• **STORED DATA**
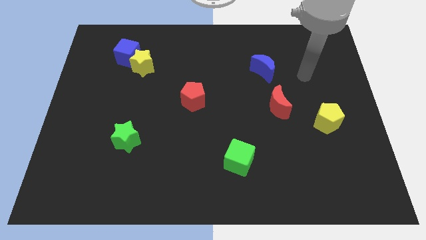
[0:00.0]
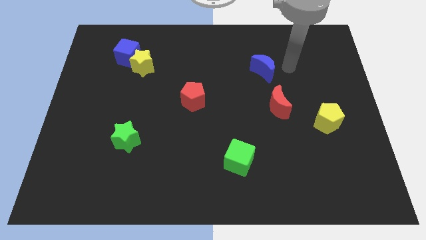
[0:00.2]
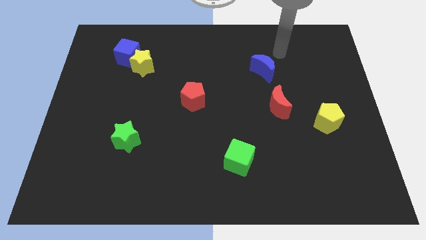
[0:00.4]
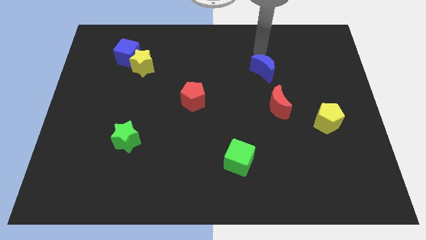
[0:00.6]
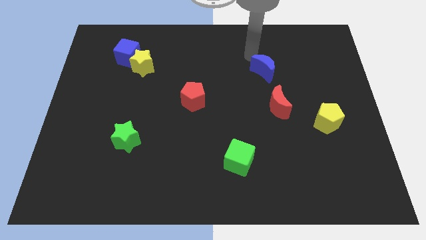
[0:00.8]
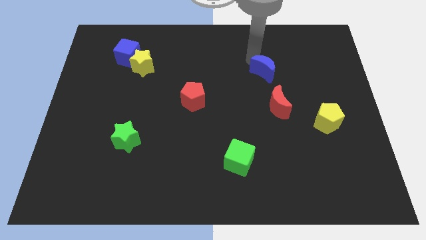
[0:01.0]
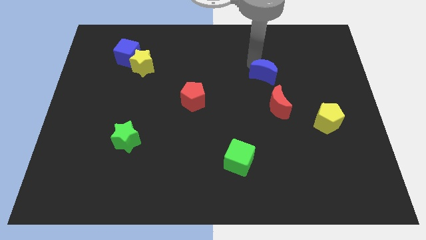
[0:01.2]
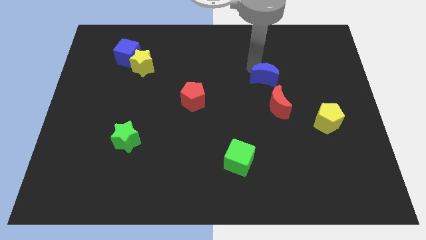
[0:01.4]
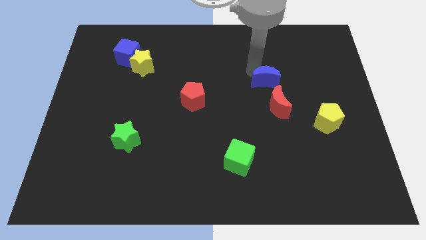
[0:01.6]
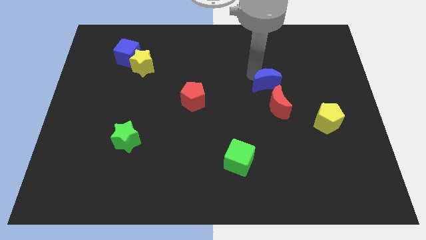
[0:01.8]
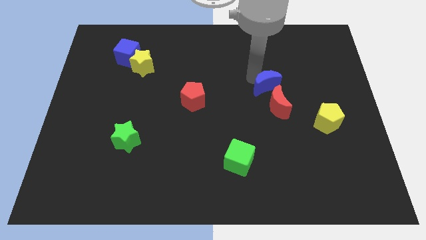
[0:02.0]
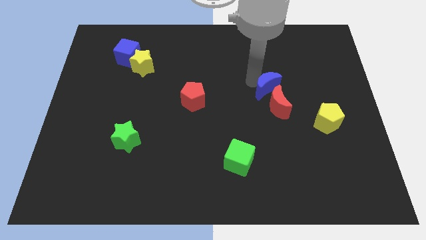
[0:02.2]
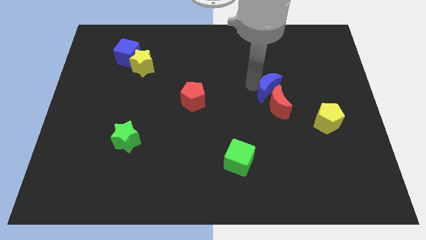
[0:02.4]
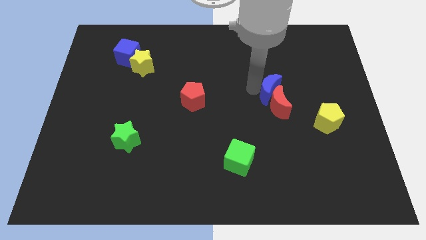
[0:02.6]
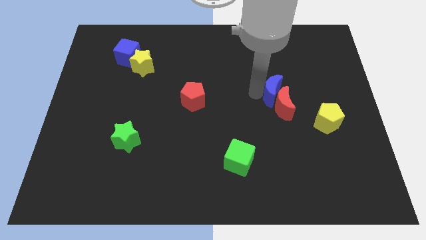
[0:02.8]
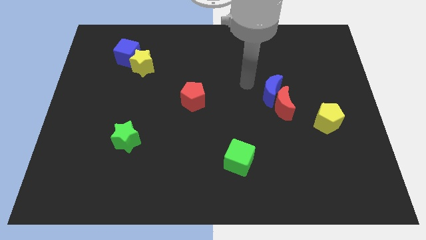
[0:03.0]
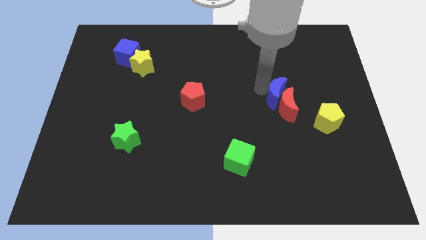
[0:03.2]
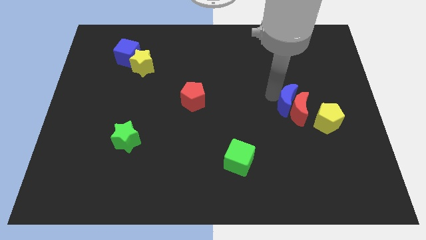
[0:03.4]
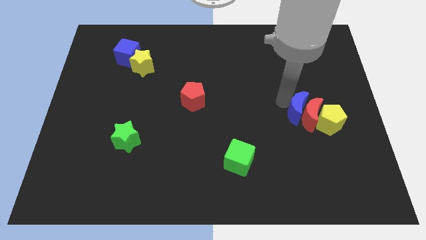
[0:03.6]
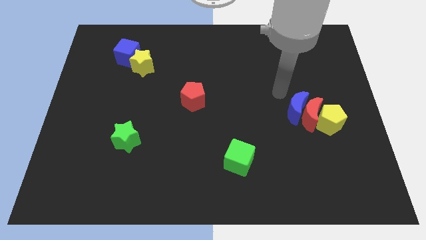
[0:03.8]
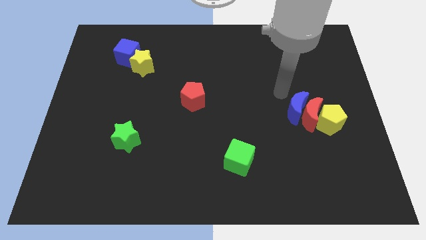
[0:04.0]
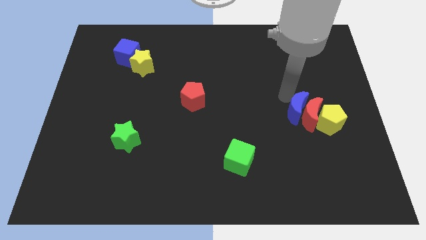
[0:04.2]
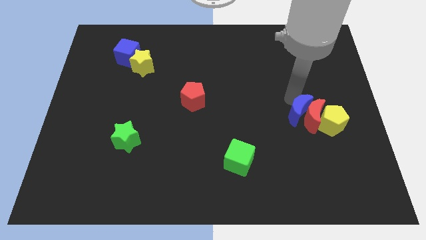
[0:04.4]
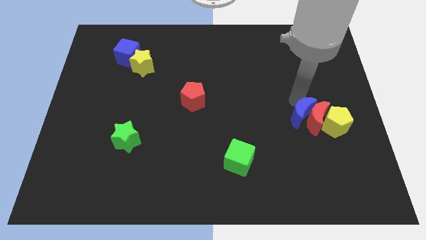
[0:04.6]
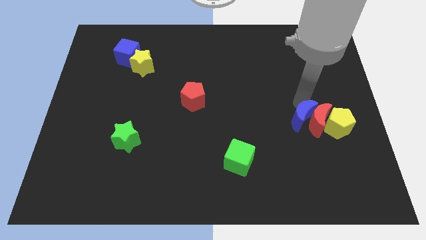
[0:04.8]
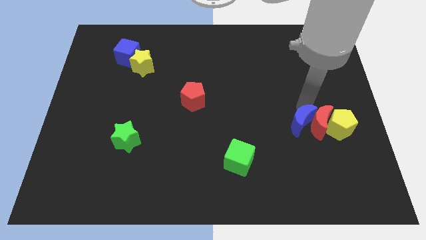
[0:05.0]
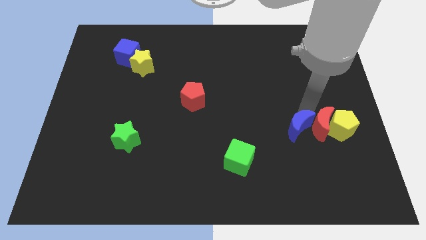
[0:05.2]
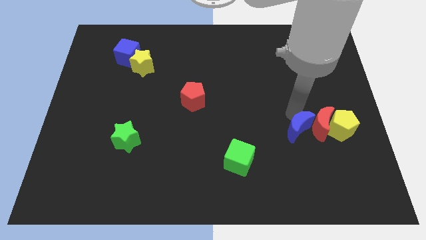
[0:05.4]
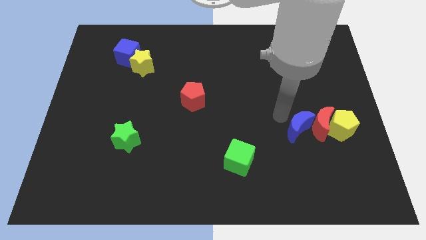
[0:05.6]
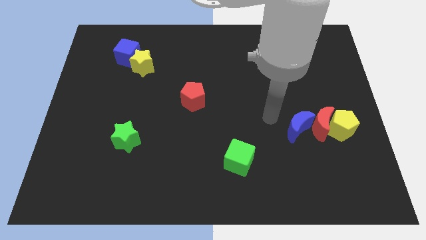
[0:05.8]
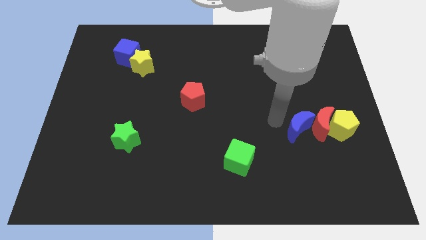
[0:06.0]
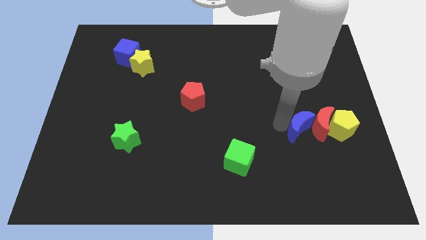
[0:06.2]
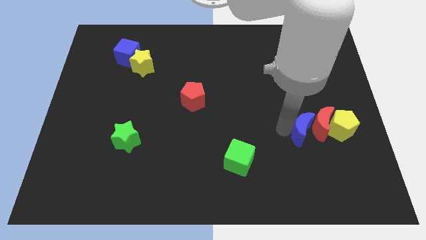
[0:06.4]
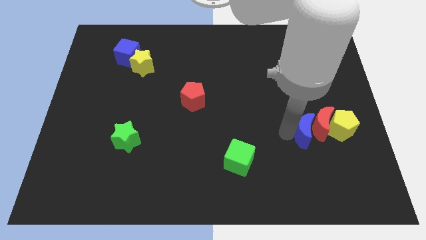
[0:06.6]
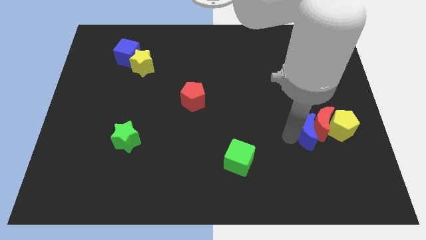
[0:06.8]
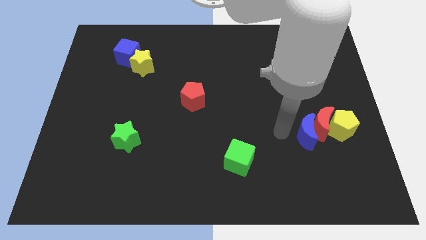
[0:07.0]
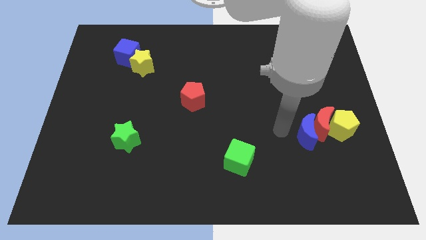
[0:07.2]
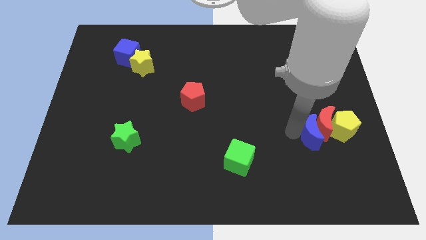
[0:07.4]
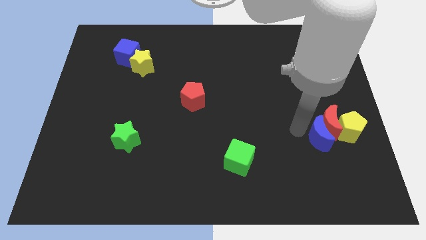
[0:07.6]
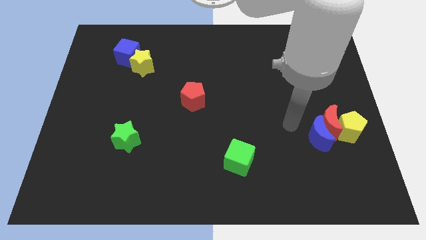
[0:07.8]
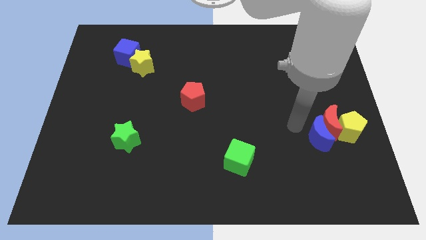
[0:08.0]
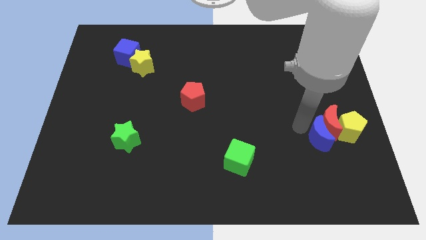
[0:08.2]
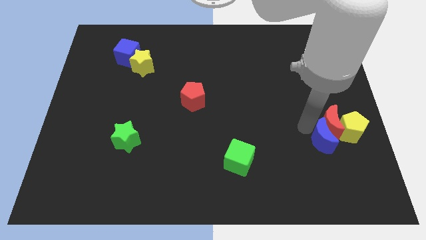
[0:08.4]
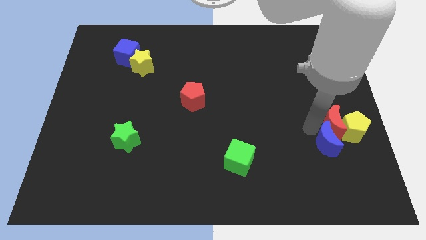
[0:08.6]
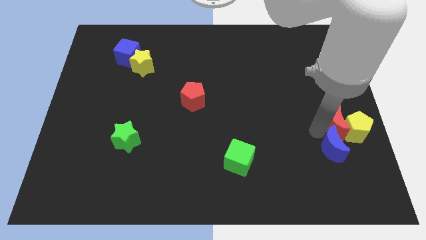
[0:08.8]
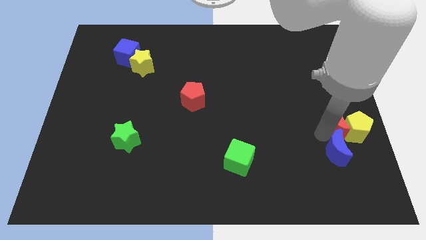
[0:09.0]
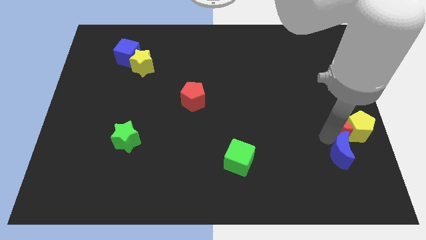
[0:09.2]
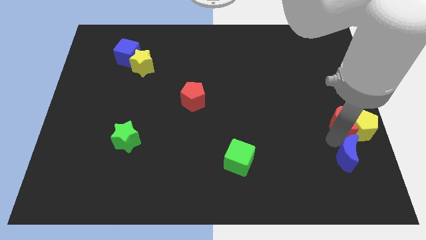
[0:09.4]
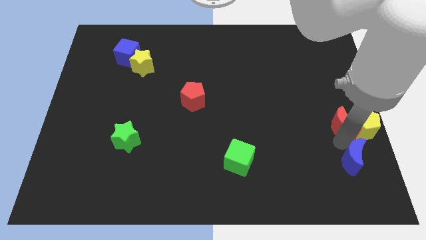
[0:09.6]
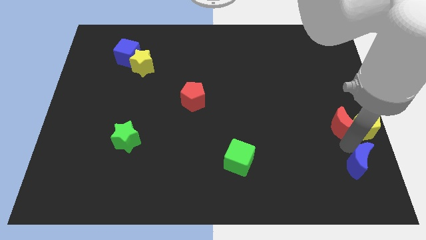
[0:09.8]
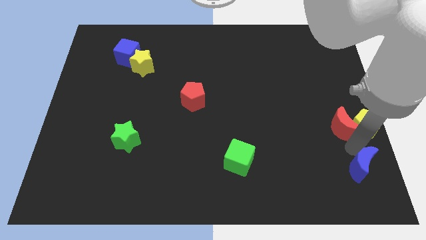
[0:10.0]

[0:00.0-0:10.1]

• **PROMPT**
Your copy should match the entries exactly, minus the pictures.

• **RESPONSE**
[0:00.0]
[0:00.2]
[0:00.4]
[0:00.6]
[0:00.8]
[0:01.0]
[0:01.2]
[0:01.4]
[0:01.6]
[0:01.8]
[0:02.0]
[0:02.2]
[0:02.4]
[0:02.6]
[0:02.8]
[0:03.0]
[0:03.2]
[0:03.4]
[0:03.6]
[0:03.8]
[0:04.0]
[0:04.2]
[0:04.4]
[0:04.6]
[0:04.8]
[0:05.0]
[0:05.2]
[0:05.4]
[0:05.6]
[0:05.8]
[0:06.0]
[0:06.2]
[0:06.4]
[0:06.6]
[0:06.8]
[0:07.0]
[0:07.2]
[0:07.4]
[0:07.6]
[0:07.8]
[0:08.0]
[0:08.2]
[0:08.4]
[0:08.6]
[0:08.8]
[0:09.0]
[0:09.2]
[0:09.4]
[0:09.6]
[0:09.8]
[0:10.0]

[0:00.0-0:10.1]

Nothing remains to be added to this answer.